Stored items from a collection
= = = =

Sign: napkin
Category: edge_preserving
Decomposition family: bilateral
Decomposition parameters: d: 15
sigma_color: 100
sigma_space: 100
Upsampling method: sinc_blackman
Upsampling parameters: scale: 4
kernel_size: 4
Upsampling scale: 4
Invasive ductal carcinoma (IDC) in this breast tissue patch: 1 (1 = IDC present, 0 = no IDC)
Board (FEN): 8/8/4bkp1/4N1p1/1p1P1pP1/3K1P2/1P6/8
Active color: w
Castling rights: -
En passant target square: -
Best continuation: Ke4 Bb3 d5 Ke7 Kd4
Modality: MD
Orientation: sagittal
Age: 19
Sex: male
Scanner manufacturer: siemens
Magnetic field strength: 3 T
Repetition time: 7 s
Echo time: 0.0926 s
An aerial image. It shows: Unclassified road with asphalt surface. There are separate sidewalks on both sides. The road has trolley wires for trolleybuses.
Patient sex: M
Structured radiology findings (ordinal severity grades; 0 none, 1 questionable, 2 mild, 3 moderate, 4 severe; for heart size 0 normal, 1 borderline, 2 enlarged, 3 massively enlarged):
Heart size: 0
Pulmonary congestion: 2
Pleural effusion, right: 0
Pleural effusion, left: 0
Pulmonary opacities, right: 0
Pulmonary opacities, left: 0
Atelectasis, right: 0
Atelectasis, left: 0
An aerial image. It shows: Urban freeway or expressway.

= = = =

* Task brief
Extract each line holding the word "effusion" from the records.

* Response to the task
Pleural effusion, right: 0
Pleural effusion, left: 0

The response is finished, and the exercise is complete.